About this exercise:
From the line holding "There is no" through the line holding "The image shows 47" below, write out every line exactly; include both of those lines and drop the pictures.

Supplied records:
◆ ◆ ◆ ◆ ◆

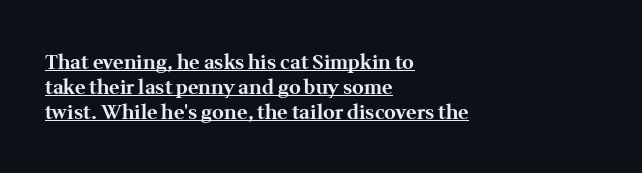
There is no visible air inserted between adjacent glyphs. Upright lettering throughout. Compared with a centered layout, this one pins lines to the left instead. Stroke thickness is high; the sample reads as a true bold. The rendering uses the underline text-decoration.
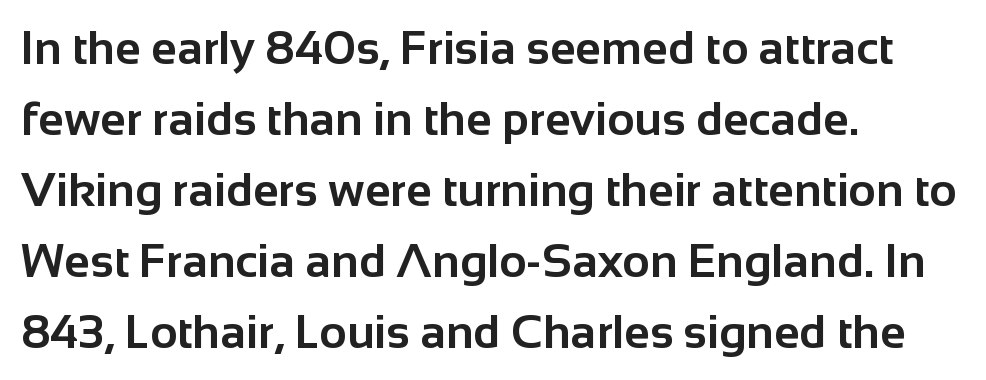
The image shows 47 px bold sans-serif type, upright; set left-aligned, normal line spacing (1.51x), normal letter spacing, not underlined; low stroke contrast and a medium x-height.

◆ ◆ ◆ ◆ ◆

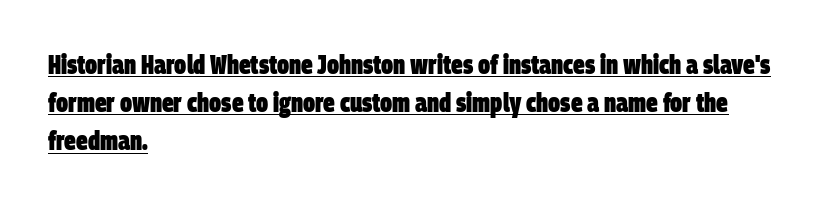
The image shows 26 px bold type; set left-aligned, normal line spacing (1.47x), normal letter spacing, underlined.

◆ ◆ ◆ ◆ ◆

Answer area:
There is no visible air inserted between adjacent glyphs. Upright lettering throughout. Compared with a centered layout, this one pins lines to the left instead. Stroke thickness is high; the sample reads as a true bold. The rendering uses the underline text-decoration.
The image shows 47 px bold sans-serif type, upright; set left-aligned, normal line spacing (1.51x), normal letter spacing, not underlined; low stroke contrast and a medium x-height.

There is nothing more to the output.